Stored items —
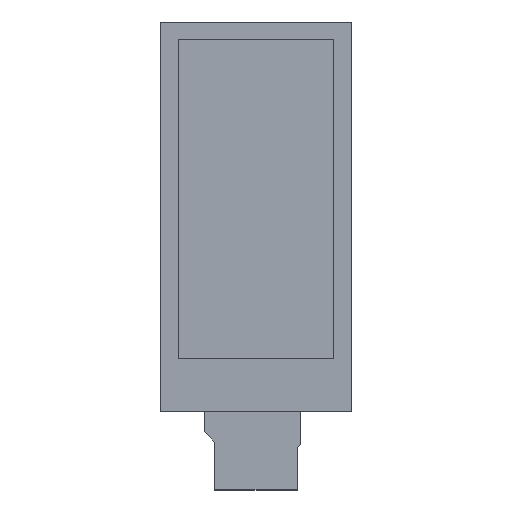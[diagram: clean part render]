
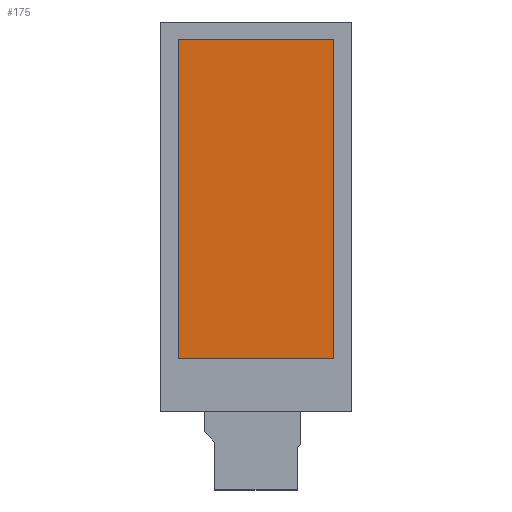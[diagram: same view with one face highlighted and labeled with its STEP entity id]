
A CAD part, top view. The second image highlights one B-rep face of the part: STEP entity #175.
In plain terms, the highlighted planar face has unit normal (0, 0, 1).
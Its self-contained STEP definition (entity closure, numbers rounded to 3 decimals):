
#43 = VECTOR ( 'NONE', #576, 1000. ) ;
#47 = EDGE_CURVE ( 'NONE', #637, #456, #559, .T. ) ;
#64 = FACE_OUTER_BOUND ( 'NONE', #126, .T. ) ;
#66 = AXIS2_PLACEMENT_3D ( 'NONE', #707, #514, #202 ) ;
#90 = EDGE_CURVE ( 'NONE', #456, #760, #242, .T. ) ;
#105 = EDGE_CURVE ( 'NONE', #637, #530, #434, .T. ) ;
#109 = VECTOR ( 'NONE', #436, 1000. ) ;
#126 = EDGE_LOOP ( 'NONE', ( #321, #663, #567, #774 ) ) ;
#175 = ADVANCED_FACE ( 'NONE', ( #64 ), #828, .T. ) ;
#188 = CARTESIAN_POINT ( 'NONE',  ( -11.852, 0., 1.14 ) ) ;
#202 = DIRECTION ( 'NONE',  ( 1., 0., 0. ) ) ;
#242 = LINE ( 'NONE', #439, #369 ) ;
#258 = CARTESIAN_POINT ( 'NONE',  ( -11.852, -24.275, 1.14 ) ) ;
#314 = DIRECTION ( 'NONE',  ( -1., 0., 0. ) ) ;
#317 = CARTESIAN_POINT ( 'NONE',  ( -11.852, 24.275, 1.14 ) ) ;
#321 = ORIENTED_EDGE ( 'NONE', *, *, #105, .T. ) ;
#369 = VECTOR ( 'NONE', #314, 1000. ) ;
#434 = LINE ( 'NONE', #497, #109 ) ;
#436 = DIRECTION ( 'NONE',  ( -1., 0., 0. ) ) ;
#439 = CARTESIAN_POINT ( 'NONE',  ( 0., -24.275, 1.14 ) ) ;
#456 = VERTEX_POINT ( 'NONE', #479 ) ;
#479 = CARTESIAN_POINT ( 'NONE',  ( 11.852, -24.275, 1.14 ) ) ;
#497 = CARTESIAN_POINT ( 'NONE',  ( 0., 24.275, 1.14 ) ) ;
#512 = CARTESIAN_POINT ( 'NONE',  ( 11.852, 24.275, 1.14 ) ) ;
#514 = DIRECTION ( 'NONE',  ( 0., 0., 1. ) ) ;
#530 = VERTEX_POINT ( 'NONE', #317 ) ;
#559 = LINE ( 'NONE', #566, #734 ) ;
#566 = CARTESIAN_POINT ( 'NONE',  ( 11.852, 0., 1.14 ) ) ;
#567 = ORIENTED_EDGE ( 'NONE', *, *, #90, .F. ) ;
#576 = DIRECTION ( 'NONE',  ( 0., -1., 0. ) ) ;
#628 = LINE ( 'NONE', #188, #43 ) ;
#637 = VERTEX_POINT ( 'NONE', #512 ) ;
#663 = ORIENTED_EDGE ( 'NONE', *, *, #804, .T. ) ;
#707 = CARTESIAN_POINT ( 'NONE',  ( 0., 0., 1.14 ) ) ;
#734 = VECTOR ( 'NONE', #813, 1000. ) ;
#760 = VERTEX_POINT ( 'NONE', #258 ) ;
#774 = ORIENTED_EDGE ( 'NONE', *, *, #47, .F. ) ;
#804 = EDGE_CURVE ( 'NONE', #530, #760, #628, .T. ) ;
#813 = DIRECTION ( 'NONE',  ( 0., -1., 0. ) ) ;
#828 = PLANE ( 'NONE',  #66 ) ;

Exercise goal —
All that is needed is the exact run of lines above from the line containing "#105 = EDGE_CURVE" through the line containing "#314 = DIRECTION", both of them included.

Written solution —
#105 = EDGE_CURVE ( 'NONE', #637, #530, #434, .T. ) ;
#109 = VECTOR ( 'NONE', #436, 1000. ) ;
#126 = EDGE_LOOP ( 'NONE', ( #321, #663, #567, #774 ) ) ;
#175 = ADVANCED_FACE ( 'NONE', ( #64 ), #828, .T. ) ;
#188 = CARTESIAN_POINT ( 'NONE',  ( -11.852, 0., 1.14 ) ) ;
#202 = DIRECTION ( 'NONE',  ( 1., 0., 0. ) ) ;
#242 = LINE ( 'NONE', #439, #369 ) ;
#258 = CARTESIAN_POINT ( 'NONE',  ( -11.852, -24.275, 1.14 ) ) ;
#314 = DIRECTION ( 'NONE',  ( -1., 0., 0. ) ) ;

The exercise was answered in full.